Token Type Classification ¶
Check if a token belongs to a specific category:
typ := token.SELECT
// Check if keyword
if typ.IsKeyword() {
fmt.Println("This is a SQL keyword")
}
// Check if operator
typ2 := token.EQ
if typ2.IsOperator() {
fmt.Println("This is an operator")
}
// Check if literal
typ3 := token.STRING
if typ3.IsLiteral() {
fmt.Println("This is a literal value")
}
Working with PostgreSQL JSON Operators ¶
Handle PostgreSQL JSON operators using models.TokenType:
import (
"github.com/ajitpratap0/GoSQLX/pkg/sql/token"

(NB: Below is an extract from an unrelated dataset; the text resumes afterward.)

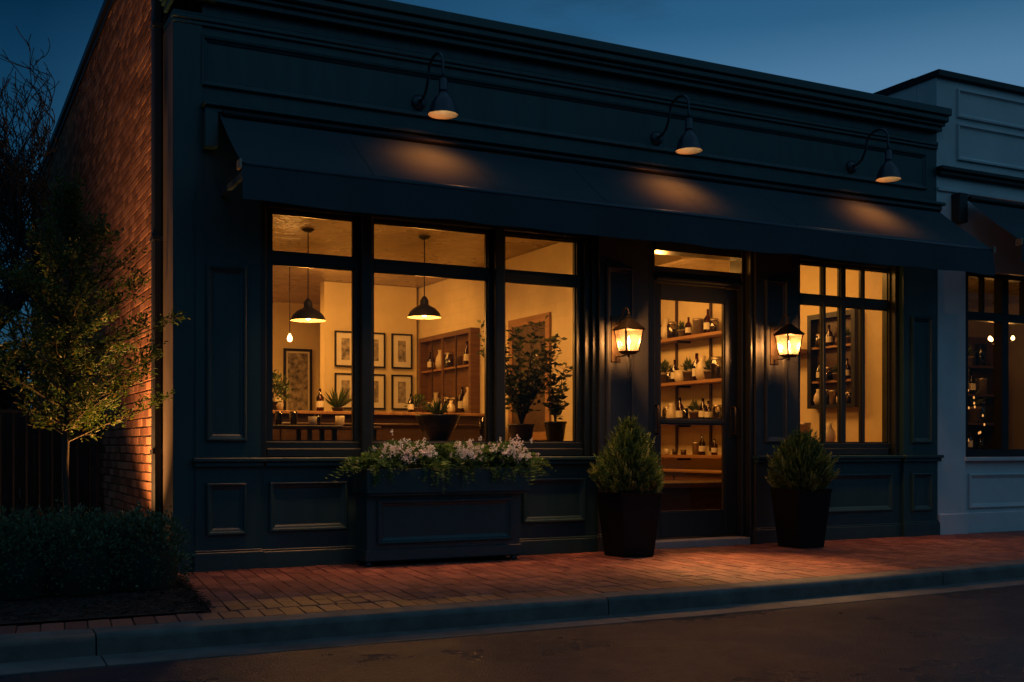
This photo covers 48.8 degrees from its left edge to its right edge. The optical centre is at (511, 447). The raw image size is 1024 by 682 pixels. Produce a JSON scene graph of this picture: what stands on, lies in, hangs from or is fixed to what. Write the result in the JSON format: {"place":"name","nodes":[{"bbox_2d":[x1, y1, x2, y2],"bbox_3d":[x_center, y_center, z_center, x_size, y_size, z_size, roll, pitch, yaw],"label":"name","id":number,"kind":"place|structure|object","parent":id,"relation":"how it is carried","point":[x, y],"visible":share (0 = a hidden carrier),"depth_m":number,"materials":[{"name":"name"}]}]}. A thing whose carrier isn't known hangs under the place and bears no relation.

"github.com/ajitpratap0/GoSQLX/pkg/models"
)
// Check for JSON operators
tok := token.Token{
ModelType: models.TokenTypeArrow, // -> operator
Literal: "->",
}
jsonOperators := []models.TokenType{
models.TokenTypeArrow, // ->
models.TokenTypeLongArrow, // ->>
models.TokenTypeHashArrow, // #>
models.TokenTypeHashLongArrow, // #>>
models.TokenTypeAtArrow, // @>
models.TokenTypeArrowAt, // <@
}
if tok.IsAnyType(jsonOperators...) {
fmt.Println("This is a JSON operator")
}
Token Pool Best Practices ¶
Always follow these patterns for optimal performance:
// CORRECT: Use defer to ensure pool return
func processToken() {
tok := token.Get()
defer token.Put(tok) // Always use defer
tok.Type = token.SELECT
tok.ModelType = models.TokenTypeSelect
tok.Literal = "SELECT"
// Use token...
} // Token automatically returned to pool
// INCORRECT: Manual return without defer (may leak on early return/panic)
func badProcessToken() {
tok := token.Get()
tok.Type = token.SELECT
if someCondition {
return // LEAK: Token not returned to pool!
}
token.Put(tok) // May never be reached
}
Token Reset ¶
Manually reset token fields if needed:
tok := token.Get() defer token.Put(tok) tok.Type = token.SELECT tok.Literal = "SELECT" // Reset to clean state tok.Reset() // tok.Type = "" // tok.Literal = "" // tok.ModelType remains unchanged
Performance Characteristics ¶
Token operations are highly optimized:
- Token creation: <10ns per token (pooled)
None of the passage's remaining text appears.